**Work instructions:**
Reproduce the records that follow exactly; any picture among them stays out.

[Records drawn from a dataset]

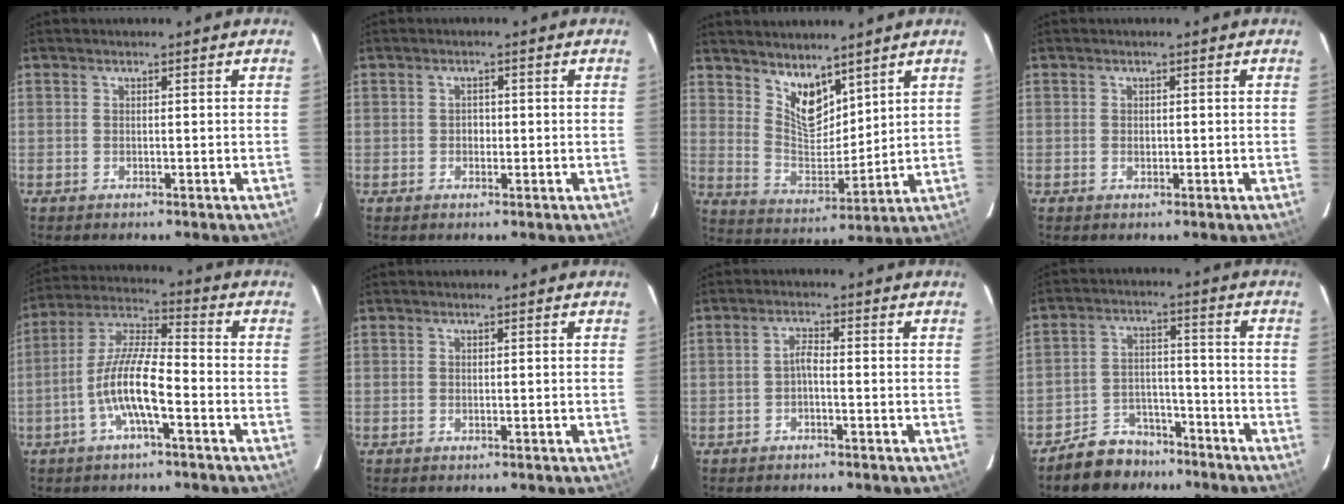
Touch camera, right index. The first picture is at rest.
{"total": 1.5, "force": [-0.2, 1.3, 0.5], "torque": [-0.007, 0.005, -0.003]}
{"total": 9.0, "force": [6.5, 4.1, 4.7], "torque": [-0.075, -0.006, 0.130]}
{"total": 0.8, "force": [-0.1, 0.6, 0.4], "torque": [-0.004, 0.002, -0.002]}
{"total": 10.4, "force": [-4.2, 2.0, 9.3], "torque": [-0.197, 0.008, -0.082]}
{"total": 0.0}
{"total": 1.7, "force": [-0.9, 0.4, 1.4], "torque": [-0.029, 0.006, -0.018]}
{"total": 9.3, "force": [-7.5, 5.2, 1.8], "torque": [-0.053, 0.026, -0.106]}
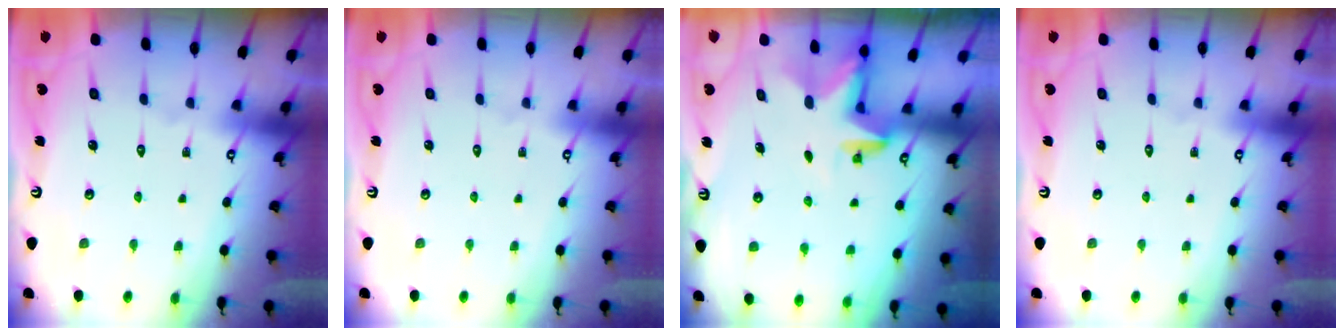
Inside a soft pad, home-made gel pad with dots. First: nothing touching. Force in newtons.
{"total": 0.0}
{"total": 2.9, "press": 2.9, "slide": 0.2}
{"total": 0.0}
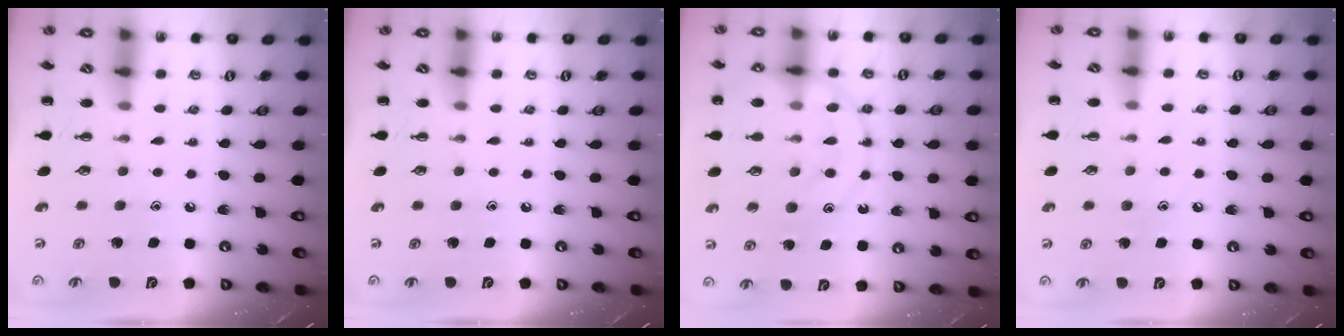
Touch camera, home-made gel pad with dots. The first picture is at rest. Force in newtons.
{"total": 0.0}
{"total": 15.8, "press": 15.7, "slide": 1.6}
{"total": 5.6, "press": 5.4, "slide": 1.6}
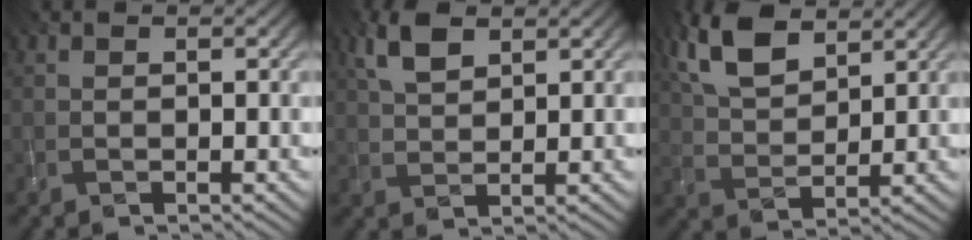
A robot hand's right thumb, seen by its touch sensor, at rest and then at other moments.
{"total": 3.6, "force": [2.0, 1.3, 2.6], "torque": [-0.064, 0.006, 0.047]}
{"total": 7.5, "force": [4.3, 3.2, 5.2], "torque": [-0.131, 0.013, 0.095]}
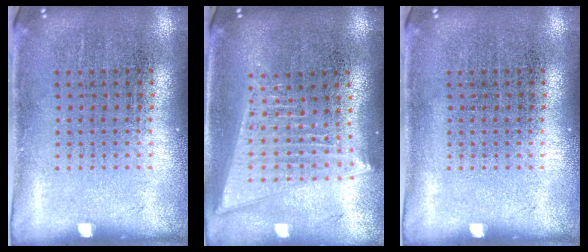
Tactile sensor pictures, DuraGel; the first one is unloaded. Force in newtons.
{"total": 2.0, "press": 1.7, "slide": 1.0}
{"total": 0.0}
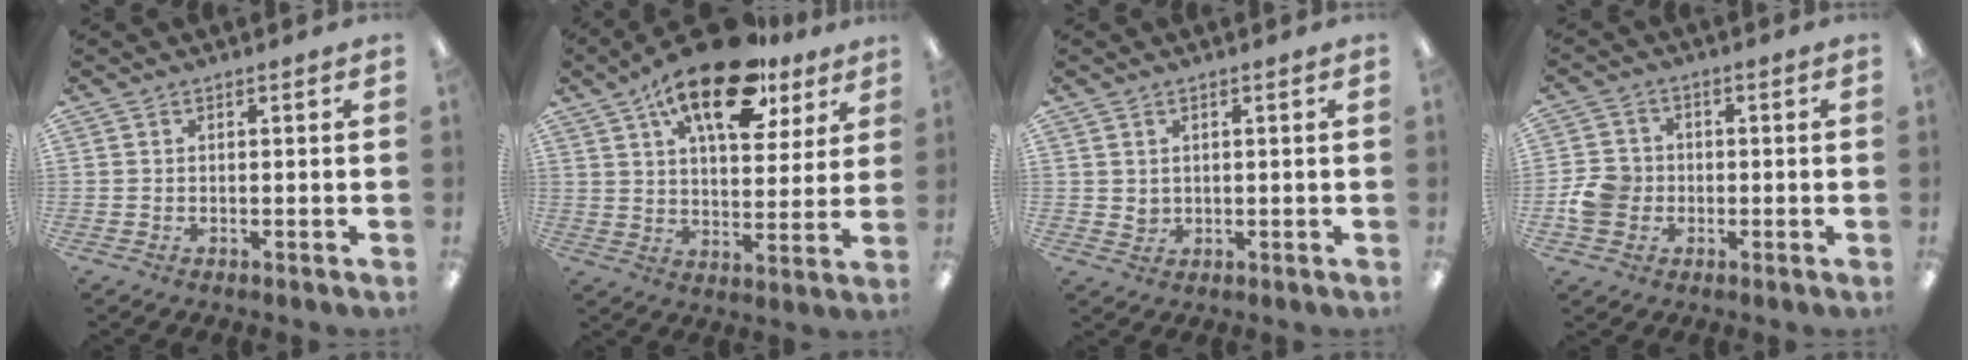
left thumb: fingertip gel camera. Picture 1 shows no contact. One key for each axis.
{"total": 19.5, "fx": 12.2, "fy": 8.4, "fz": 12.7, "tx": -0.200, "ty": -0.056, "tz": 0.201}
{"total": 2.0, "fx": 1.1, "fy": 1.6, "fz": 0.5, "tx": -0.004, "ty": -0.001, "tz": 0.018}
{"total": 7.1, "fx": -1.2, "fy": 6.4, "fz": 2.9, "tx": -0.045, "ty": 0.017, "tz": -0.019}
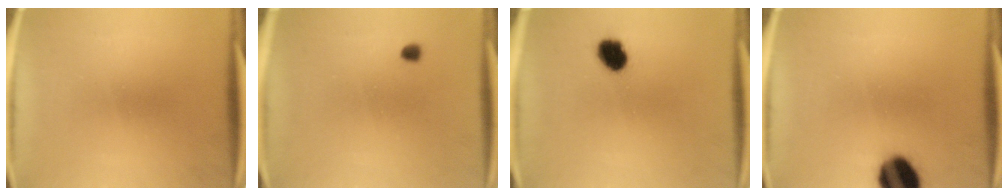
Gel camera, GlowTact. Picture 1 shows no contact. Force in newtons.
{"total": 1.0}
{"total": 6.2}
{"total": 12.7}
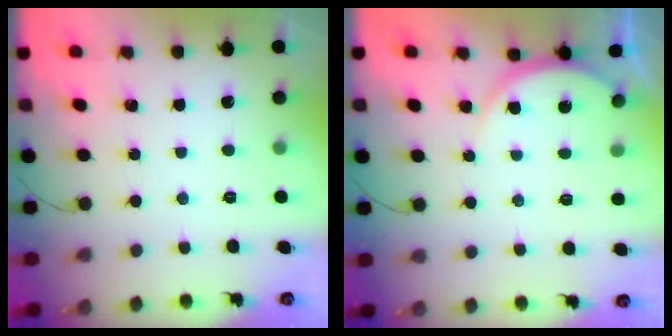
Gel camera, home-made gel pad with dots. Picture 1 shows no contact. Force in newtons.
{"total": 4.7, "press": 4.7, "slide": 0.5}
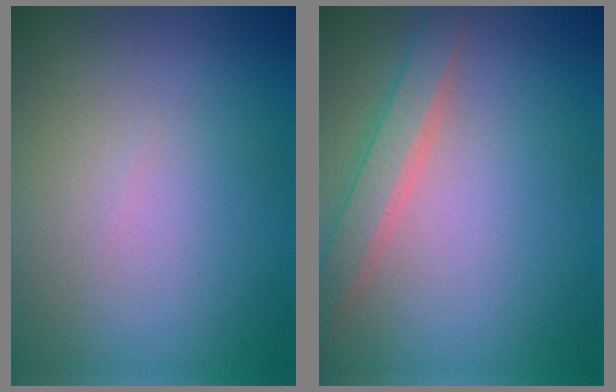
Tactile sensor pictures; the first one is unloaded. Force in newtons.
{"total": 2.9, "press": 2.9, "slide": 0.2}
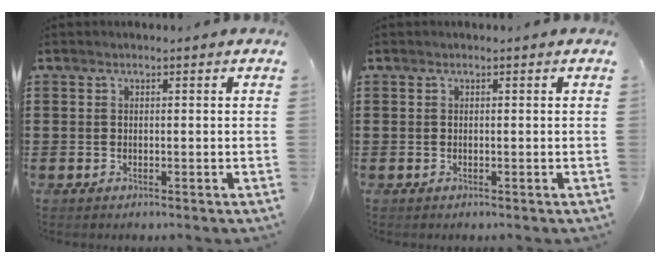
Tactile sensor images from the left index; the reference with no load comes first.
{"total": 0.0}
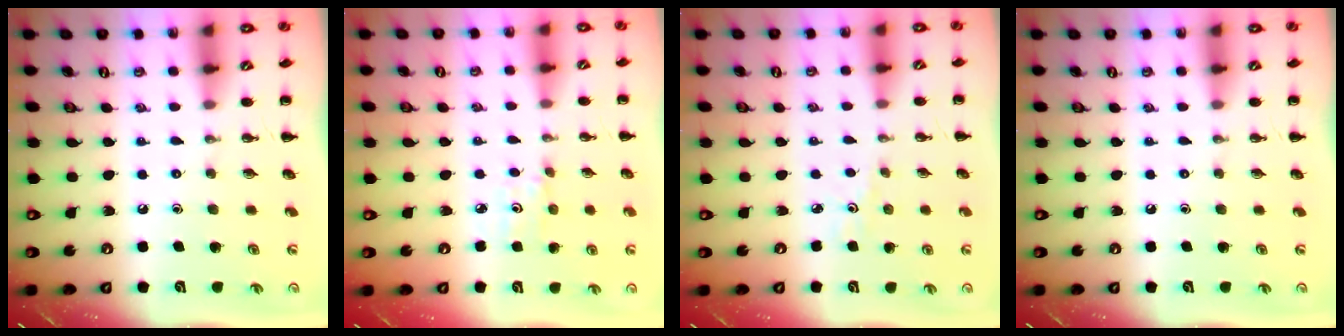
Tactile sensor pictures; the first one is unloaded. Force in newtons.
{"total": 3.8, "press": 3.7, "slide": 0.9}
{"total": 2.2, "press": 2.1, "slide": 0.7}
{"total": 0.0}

**Solved exercise:**
Touch camera, right index. The first picture is at rest.
{"total": 1.5, "force": [-0.2, 1.3, 0.5], "torque": [-0.007, 0.005, -0.003]}
{"total": 9.0, "force": [6.5, 4.1, 4.7], "torque": [-0.075, -0.006, 0.130]}
{"total": 0.8, "force": [-0.1, 0.6, 0.4], "torque": [-0.004, 0.002, -0.002]}
{"total": 10.4, "force": [-4.2, 2.0, 9.3], "torque": [-0.197, 0.008, -0.082]}
{"total": 0.0}
{"total": 1.7, "force": [-0.9, 0.4, 1.4], "torque": [-0.029, 0.006, -0.018]}
{"total": 9.3, "force": [-7.5, 5.2, 1.8], "torque": [-0.053, 0.026, -0.106]}
Inside a soft pad, home-made gel pad with dots. First: nothing touching. Force in newtons.
{"total": 0.0}
{"total": 2.9, "press": 2.9, "slide": 0.2}
{"total": 0.0}
Touch camera, home-made gel pad with dots. The first picture is at rest. Force in newtons.
{"total": 0.0}
{"total": 15.8, "press": 15.7, "slide": 1.6}
{"total": 5.6, "press": 5.4, "slide": 1.6}
A robot hand's right thumb, seen by its touch sensor, at rest and then at other moments.
{"total": 3.6, "force": [2.0, 1.3, 2.6], "torque": [-0.064, 0.006, 0.047]}
{"total": 7.5, "force": [4.3, 3.2, 5.2], "torque": [-0.131, 0.013, 0.095]}
Tactile sensor pictures, DuraGel; the first one is unloaded. Force in newtons.
{"total": 2.0, "press": 1.7, "slide": 1.0}
{"total": 0.0}
left thumb: fingertip gel camera. Picture 1 shows no contact. One key for each axis.
{"total": 19.5, "fx": 12.2, "fy": 8.4, "fz": 12.7, "tx": -0.200, "ty": -0.056, "tz": 0.201}
{"total": 2.0, "fx": 1.1, "fy": 1.6, "fz": 0.5, "tx": -0.004, "ty": -0.001, "tz": 0.018}
{"total": 7.1, "fx": -1.2, "fy": 6.4, "fz": 2.9, "tx": -0.045, "ty": 0.017, "tz": -0.019}
Gel camera, GlowTact. Picture 1 shows no contact. Force in newtons.
{"total": 1.0}
{"total": 6.2}
{"total": 12.7}
Gel camera, home-made gel pad with dots. Picture 1 shows no contact. Force in newtons.
{"total": 4.7, "press": 4.7, "slide": 0.5}
Tactile sensor pictures; the first one is unloaded. Force in newtons.
{"total": 2.9, "press": 2.9, "slide": 0.2}
Tactile sensor images from the left index; the reference with no load comes first.
{"total": 0.0}
Tactile sensor pictures; the first one is unloaded. Force in newtons.
{"total": 3.8, "press": 3.7, "slide": 0.9}
{"total": 2.2, "press": 2.1, "slide": 0.7}
{"total": 0.0}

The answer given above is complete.